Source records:
+--
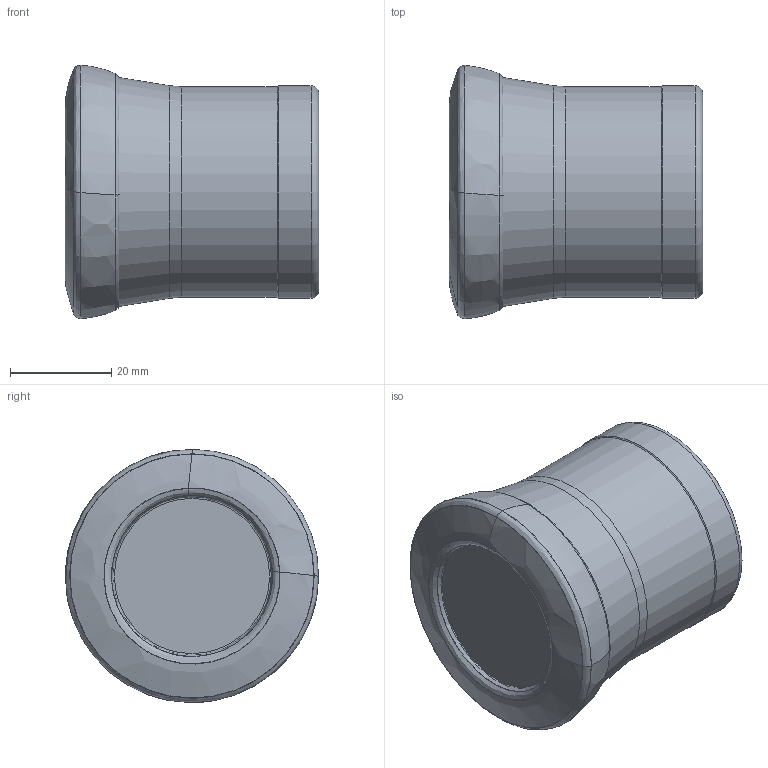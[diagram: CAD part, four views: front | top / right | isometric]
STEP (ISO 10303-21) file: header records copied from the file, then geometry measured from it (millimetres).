
FILE_DESCRIPTION(/* description */ (''),/* implementation_level */ '2;1');
FILE_NAME(/* name */ 'AHFM-SP1004-D050-A22-Z05-H.stp',/* time_stamp */ '2023-10-12T19:08:10+03:00',/* author */ (''),/* organization */ (''),/* preprocessor_version */ 'ST-DEVELOPER v19.4',/* originating_system */ 'SIEMENS PLM Software NX2306.5001',/* authorisation */ '');
FILE_SCHEMA (('AUTOMOTIVE_DESIGN { 1 0 10303 214 3 1 1 1 }'));
Length unit declared in the file: millimetre
Products named in the file (1): AHFM-SP1004-D050-A22-Z05-H-LIGHT_x_t_objects
Bounding box: 49.99 x 50.01 x 50.01 mm (x, y, z)
Volume: 81850.5 mm3; surface area: 13910.1 mm2
Topology: 2 solids, 2 shells, 46 faces, 89 edges, 45 vertices
Faces by surface type: bspline 32, torus 5, revolution 3, plane 2, cone 2, cylinder 2
Full cylindrical faces by diameter (mm): 41.6 x1, 42 x1
Entity records: 2600 total; most frequent: CARTESIAN_POINT 1845, ORIENTED_EDGE 154, DIRECTION 117, EDGE_CURVE 77, EDGE_LOOP 58, AXIS2_PLACEMENT_3D 57, ADVANCED_FACE 46, CIRCLE 45
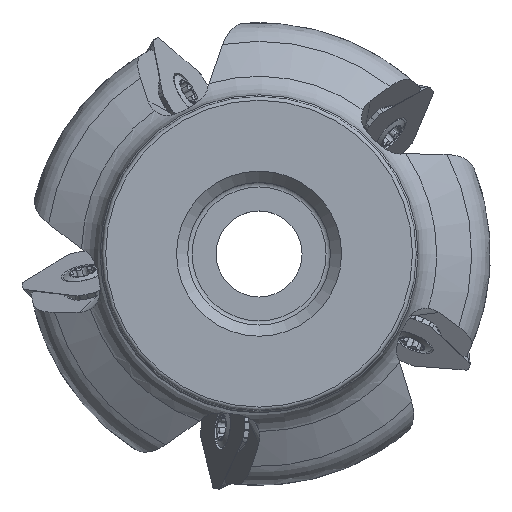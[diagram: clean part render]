
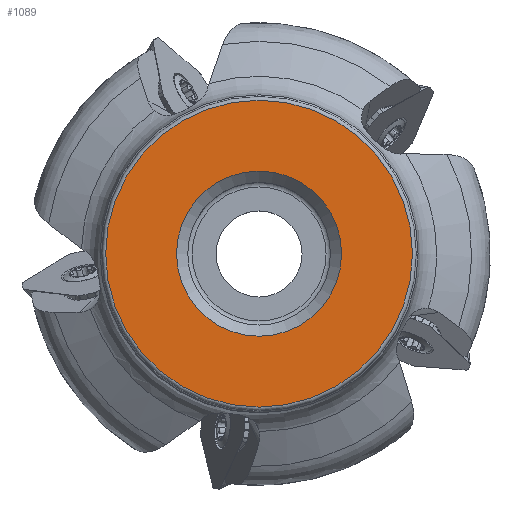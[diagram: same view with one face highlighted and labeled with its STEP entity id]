
A CAD part, top view. The second image highlights one B-rep face of the part: STEP entity #1089.
In plain terms, the highlighted planar face has unit normal (0, 0, 1).
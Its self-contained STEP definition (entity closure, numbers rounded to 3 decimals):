
#1089=ADVANCED_FACE('SU_1',(#2120,#2121),#1565,.F.);
#1565=PLANE('',#10924);
#1897=CIRCLE('',#10922,20.5);
#1898=CIRCLE('',#10923,11.03);
#2120=FACE_BOUND('',#2376,.T.);
#2121=FACE_BOUND('',#2377,.T.);
#2376=EDGE_LOOP('',(#4857));
#2377=EDGE_LOOP('',(#4858));
#4857=ORIENTED_EDGE('',*,*,#8883,.T.);
#4858=ORIENTED_EDGE('',*,*,#8884,.F.);
#7713=VERTEX_POINT('',#17095);
#7714=VERTEX_POINT('',#17097);
#8883=EDGE_CURVE('',#7713,#7713,#1897,.T.);
#8884=EDGE_CURVE('',#7714,#7714,#1898,.T.);
#10922=AXIS2_PLACEMENT_3D('',#17094,#12409,#12410);
#10923=AXIS2_PLACEMENT_3D('',#17096,#12411,#12412);
#10924=AXIS2_PLACEMENT_3D('',#17098,#12413,#12414);
#12409=DIRECTION('',(0.,0.,1.));
#12410=DIRECTION('',(1.,0.,0.));
#12411=DIRECTION('',(0.,0.,1.));
#12412=DIRECTION('',(1.,0.,0.));
#12413=DIRECTION('',(0.,0.,-1.));
#12414=DIRECTION('',(-1.,0.,0.));
#17094=CARTESIAN_POINT('',(0.,0.,0.));
#17095=CARTESIAN_POINT('',(20.5,0.,0.));
#17096=CARTESIAN_POINT('',(0.,0.,0.));
#17097=CARTESIAN_POINT('',(11.03,0.,0.));
#17098=CARTESIAN_POINT('',(-21.,0.,0.));
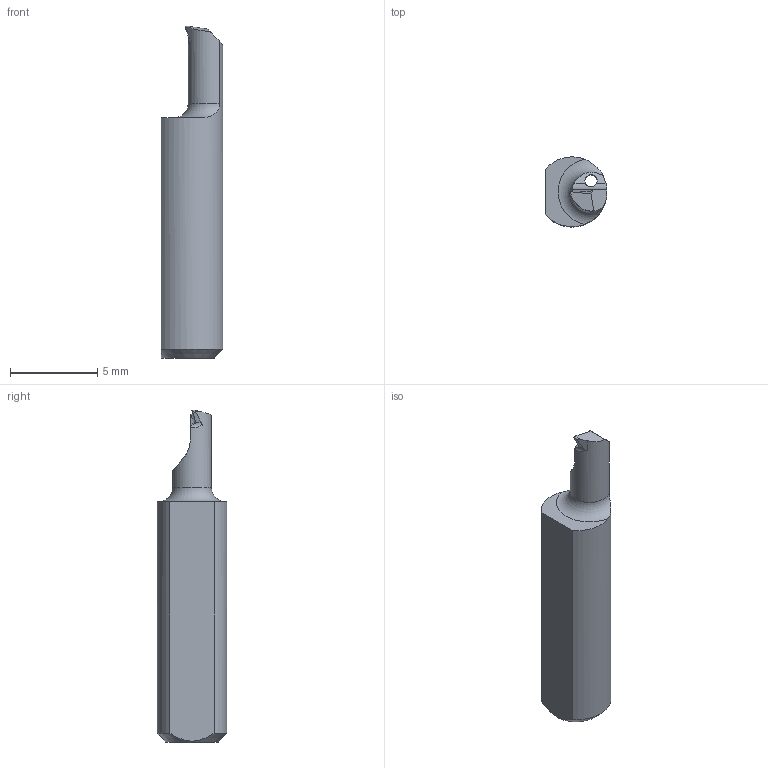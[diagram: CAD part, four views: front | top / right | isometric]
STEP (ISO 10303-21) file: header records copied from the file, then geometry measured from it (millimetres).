
FILE_DESCRIPTION (( 'STEP AP203' ), '1' );
FILE_NAME ('LP50.25-5.step', '2024-06-27T07:16:23', ( '' ), ( '' ), 'SwSTEP 2.0', 'SolidWorks 2022', '' );
FILE_SCHEMA (( 'CONFIG_CONTROL_DESIGN' ));
Length unit declared in the file: millimetre
Products named in the file (1): LP50.25-5
Bounding box: 3.55 x 4 x 19 mm (x, y, z)
Volume: 169.1 mm3; surface area: 252.4 mm2
Topology: 1 solids, 1 shells, 21 faces, 63 edges, 41 vertices
Faces by surface type: plane 10, cylinder 7, torus 2, cone 1, bspline 1
Full cylindrical faces by diameter (mm): 0.7 x1
Entity records: 826 total; most frequent: CARTESIAN_POINT 267, ORIENTED_EDGE 116, DIRECTION 81, EDGE_CURVE 58, VERTEX_POINT 39, AXIS2_PLACEMENT_3D 30, EDGE_LOOP 23, FACE_OUTER_BOUND 22
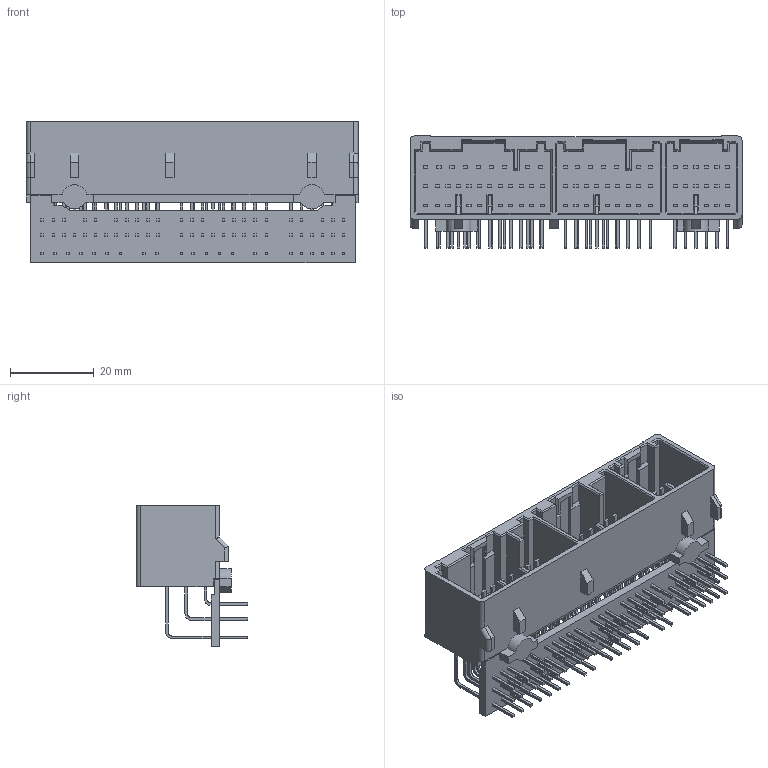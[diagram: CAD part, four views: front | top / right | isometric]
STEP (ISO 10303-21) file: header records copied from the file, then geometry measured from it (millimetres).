
FILE_DESCRIPTION((''),'2;1');
FILE_NAME('C-1123038-2','2013-04-30T',('workeradm'),('Tyco Electronics Ltd.'),'PRO/ENGINEER BY PARAMETRIC TECHNOLOGY CORPORATION, 2011490','PRO/ENGINEER BY PARAMETRIC TECHNOLOGY CORPORATION, 2011490','');
FILE_SCHEMA(('AUTOMOTIVE_DESIGN { 1 0 10303 214 1 1 1 1 }'));
Length unit declared in the file: millimetre
Products named in the file (1): C-1123038-2
Bounding box: 79.4 x 26.75 x 33.85 mm (x, y, z)
Volume: 14678.4 mm3; surface area: 20345 mm2
Topology: 1 solids, 1 shells, 1594 faces, 4238 edges, 2794 vertices
Faces by surface type: plane 1438, cylinder 156
Entity records: 49300 total; most frequent: CARTESIAN_POINT 8656, ORIENTED_EDGE 8476, DIRECTION 7726, EDGE_CURVE 4238, VECTOR 3930, LINE 3930, VERTEX_POINT 2794, AXIS2_PLACEMENT_3D 1898
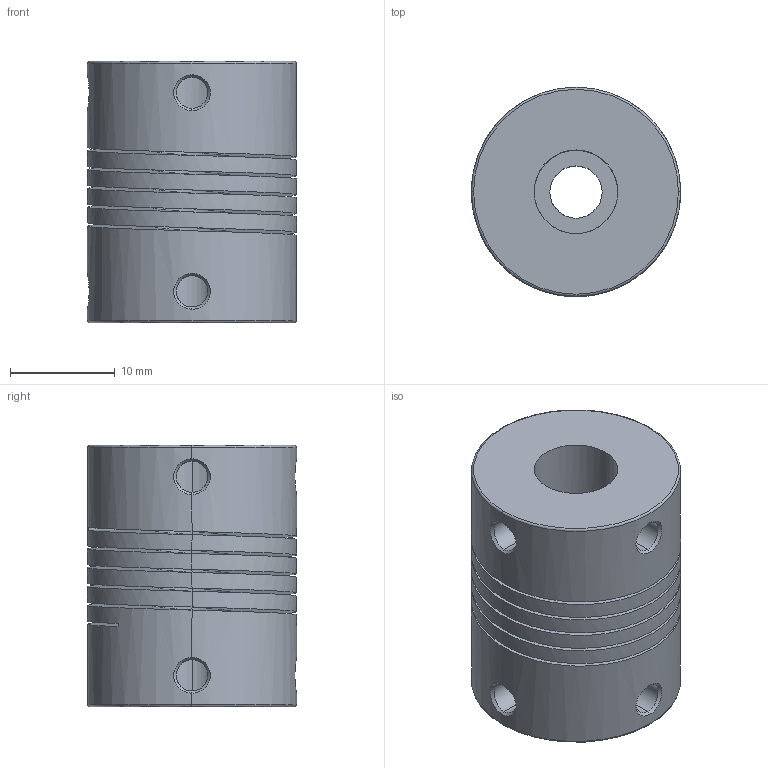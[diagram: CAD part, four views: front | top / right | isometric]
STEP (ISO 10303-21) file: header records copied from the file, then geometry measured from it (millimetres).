
FILE_DESCRIPTION (( 'STEP AP214' ), '1' );
FILE_NAME ('Coupler 5 to 8 mm.STEP', '2016-03-10T10:13:03', ( '' ), ( '' ), 'SwSTEP 2.0', 'SolidWorks 2016', '' );
FILE_SCHEMA (( 'AUTOMOTIVE_DESIGN' ));
Length unit declared in the file: millimetre
Products named in the file (1): Coupler 5 to 8 mm
Bounding box: 20 x 20 x 25 mm (x, y, z)
Volume: 6212.7 mm3; surface area: 5469.5 mm2
Topology: 1 solids, 1 shells, 53 faces, 152 edges, 96 vertices
Faces by surface type: cylinder 32, bspline 10, plane 5, torus 4, cone 2
Entity records: 7744 total; most frequent: CARTESIAN_POINT 6532, ORIENTED_EDGE 304, DIRECTION 178, EDGE_CURVE 152, VERTEX_POINT 96, AXIS2_PLACEMENT_3D 66, EDGE_LOOP 60, ADVANCED_FACE 53
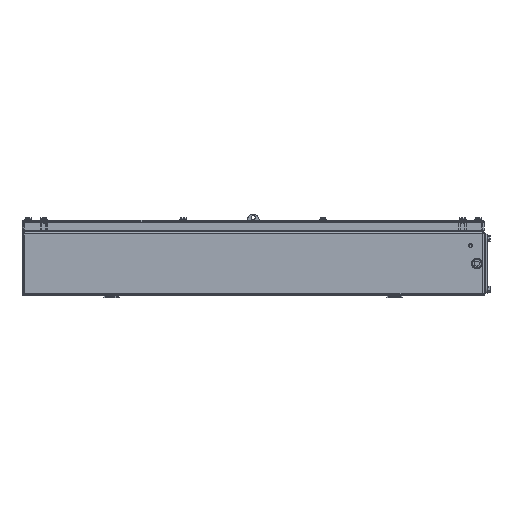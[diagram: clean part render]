
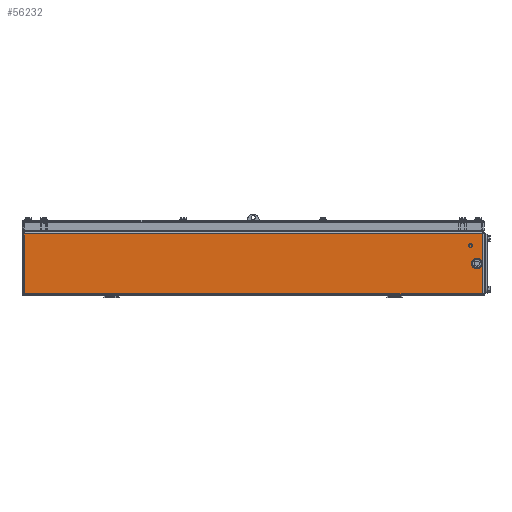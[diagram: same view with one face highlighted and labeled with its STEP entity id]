
A CAD part, left-side view. The second image highlights one B-rep face of the part: STEP entity #56232.
In plain terms, the highlighted planar face has unit normal (-1, 0, 0).
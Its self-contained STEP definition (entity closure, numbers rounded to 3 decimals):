
#56158=AXIS2_PLACEMENT_3D('Circle Axis2P3D',#56156,#56157,$) ;
#56178=AXIS2_PLACEMENT_3D('Plane Axis2P3D',#56175,#56176,#56177) ;
#56216=AXIS2_PLACEMENT_3D('Circle Axis2P3D',#56214,#56215,$) ;
#56122=CARTESIAN_POINT('Vertex',(25.5,20.85,62.54)) ;
#56125=CARTESIAN_POINT('Line Origine',(25.5,20.85,67.5)) ;
#56129=CARTESIAN_POINT('Vertex',(25.5,20.85,72.46)) ;
#56156=CARTESIAN_POINT('Axis2P3D Location',(25.5,26.,67.5)) ;
#56160=CARTESIAN_POINT('Vertex',(25.5,31.15,72.46)) ;
#56175=CARTESIAN_POINT('Axis2P3D Location',(25.5,11.,3.5)) ;
#56180=CARTESIAN_POINT('Line Origine',(25.5,922.,67.)) ;
#56184=CARTESIAN_POINT('Vertex',(25.5,922.,6.5)) ;
#56186=CARTESIAN_POINT('Vertex',(25.5,922.,127.5)) ;
#56189=CARTESIAN_POINT('Line Origine',(25.5,468.,6.5)) ;
#56193=CARTESIAN_POINT('Vertex',(25.5,14.,6.5)) ;
#56196=CARTESIAN_POINT('Line Origine',(25.5,14.,67.)) ;
#56200=CARTESIAN_POINT('Vertex',(25.5,14.,127.5)) ;
#56203=CARTESIAN_POINT('Line Origine',(25.5,468.,127.5)) ;
#56214=CARTESIAN_POINT('Axis2P3D Location',(25.5,26.,67.5)) ;
#56218=CARTESIAN_POINT('Vertex',(25.5,31.15,62.54)) ;
#56221=CARTESIAN_POINT('Line Origine',(25.5,31.15,67.5)) ;
#56126=DIRECTION('Vector Direction',(0.,0.,-1.)) ;
#56157=DIRECTION('Axis2P3D Direction',(-1.,0.,0.)) ;
#56176=DIRECTION('Axis2P3D Direction',(1.,0.,0.)) ;
#56177=DIRECTION('Axis2P3D XDirection',(0.,1.,0.)) ;
#56181=DIRECTION('Vector Direction',(0.,0.,1.)) ;
#56190=DIRECTION('Vector Direction',(0.,-1.,0.)) ;
#56197=DIRECTION('Vector Direction',(0.,0.,1.)) ;
#56204=DIRECTION('Vector Direction',(0.,1.,0.)) ;
#56215=DIRECTION('Axis2P3D Direction',(1.,0.,0.)) ;
#56222=DIRECTION('Vector Direction',(0.,0.,1.)) ;
#56127=VECTOR('Line Direction',#56126,1.) ;
#56182=VECTOR('Line Direction',#56181,1.) ;
#56191=VECTOR('Line Direction',#56190,1.) ;
#56198=VECTOR('Line Direction',#56197,1.) ;
#56205=VECTOR('Line Direction',#56204,1.) ;
#56223=VECTOR('Line Direction',#56222,1.) ;
#56209=ORIENTED_EDGE('',*,*,#56188,.F.) ;
#56210=ORIENTED_EDGE('',*,*,#56195,.F.) ;
#56211=ORIENTED_EDGE('',*,*,#56202,.T.) ;
#56212=ORIENTED_EDGE('',*,*,#56207,.F.) ;
#56227=ORIENTED_EDGE('',*,*,#56220,.F.) ;
#56228=ORIENTED_EDGE('',*,*,#56225,.F.) ;
#56229=ORIENTED_EDGE('',*,*,#56162,.F.) ;
#56230=ORIENTED_EDGE('',*,*,#56131,.F.) ;
#56231=FACE_BOUND('',#56226,.T.) ;
#56232=ADVANCED_FACE('ZUB_KTB_MH_916115_1GP_AllCATPart.2\\ZUB_GH_KTB_MH987430_4.1.1\\GH_KTB_MH_QL_FS_PART_Multi-Master.1\\Koerper.2',(#56213,#56231),#56179,.F.) ;
#56159=CIRCLE('generated circle',#56158,7.15) ;
#56217=CIRCLE('generated circle',#56216,7.15) ;
#56131=EDGE_CURVE('',#56123,#56130,#56128,.F.) ;
#56162=EDGE_CURVE('',#56130,#56161,#56159,.T.) ;
#56188=EDGE_CURVE('',#56185,#56187,#56183,.T.) ;
#56195=EDGE_CURVE('',#56194,#56185,#56192,.F.) ;
#56202=EDGE_CURVE('',#56194,#56201,#56199,.T.) ;
#56207=EDGE_CURVE('',#56187,#56201,#56206,.F.) ;
#56220=EDGE_CURVE('',#56219,#56123,#56217,.F.) ;
#56225=EDGE_CURVE('',#56161,#56219,#56224,.F.) ;
#56208=EDGE_LOOP('',(#56209,#56210,#56211,#56212)) ;
#56226=EDGE_LOOP('',(#56227,#56228,#56229,#56230)) ;
#56213=FACE_OUTER_BOUND('',#56208,.T.) ;
#56128=LINE('Line',#56125,#56127) ;
#56183=LINE('Line',#56180,#56182) ;
#56192=LINE('Line',#56189,#56191) ;
#56199=LINE('Line',#56196,#56198) ;
#56206=LINE('Line',#56203,#56205) ;
#56224=LINE('Line',#56221,#56223) ;
#56179=PLANE('',#56178) ;
#56123=VERTEX_POINT('',#56122) ;
#56130=VERTEX_POINT('',#56129) ;
#56161=VERTEX_POINT('',#56160) ;
#56185=VERTEX_POINT('',#56184) ;
#56187=VERTEX_POINT('',#56186) ;
#56194=VERTEX_POINT('',#56193) ;
#56201=VERTEX_POINT('',#56200) ;
#56219=VERTEX_POINT('',#56218) ;
+--
What you are asked to do:
Both ends included, copy word for word the lines from the top of the entries above through the line with "FILE_DESCRIPTION(/* description */". No pictures.

Your solution:
[diagram: CAD part, four views: front | top / right | isometric]
STEP (ISO 10303-21) file: header records copied from the file, then geometry measured from it (millimetres).
FILE_DESCRIPTION(/* description */ (''),/* implementation_level */ '2;1');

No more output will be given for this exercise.